Abstract: I will start this talk by overviewing federated learning and its core data minimization principles. I will then describe how privacy can be strengthened using complementary privacy techniques such as differential privacy, secure multi-party computation, and privacy auditing methods. I will spend much of the talk describing how we can carefully combine technologies like differential privacy and secure aggregation to obtain formal distributed privacy guarantees without fully trusting the server in adding noise. I will present a comprehensive end-to-end system, which appropriately discretizes the data and adds discrete Gaussian or Skellam noise before performing secure aggregation. I will conclude by showing experimental results that demonstrate that our solution is able to achieve a comparable accuracy to central differential privacy (which requires trusting the server in adding noise) with just 16 bits of precision per value. If time permits, I will highlight new work on combining linear compression schemes with secure aggregation and differential privacy to reduce the communication overhead down to less than 1 bit per value without sacrificing accuracy. 
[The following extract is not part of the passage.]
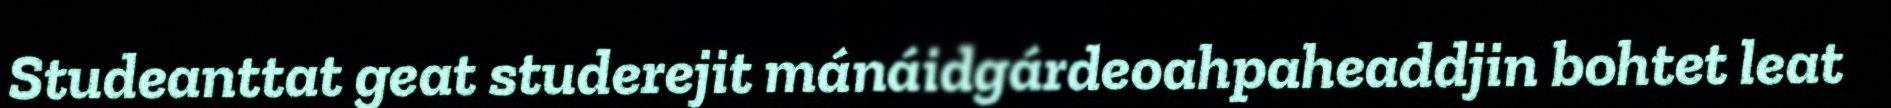
Studeanttat geat studerejit mánáidgárdeoahpaheaddjin bohtet leat

Bio: Peter Kairouz is a research scientist at Google, where he coordinates research efforts on federated learning and privacy-preserving technologies. Before joining Google, he was a Postdoctoral Research Fellow at Stanford University. He received his Ph.D. in electrical and computer engineering from the University of Illinois at Urbana-Champaign (UIUC). He is the recipient of the 2012 Roberto Padovani Scholarship from Qualcomm’s Research Center, the 2015 ACM SIGMETRICS Best Paper Award, the 2021 ACM Conference on Computer and Communications Security (CCS) Best Paper Award, the 2015 Qualcomm Innovation Fellowship Finalist Award, and the 2016 Harold L. Olesen Award for Excellence in Undergraduate Teaching from UIUC.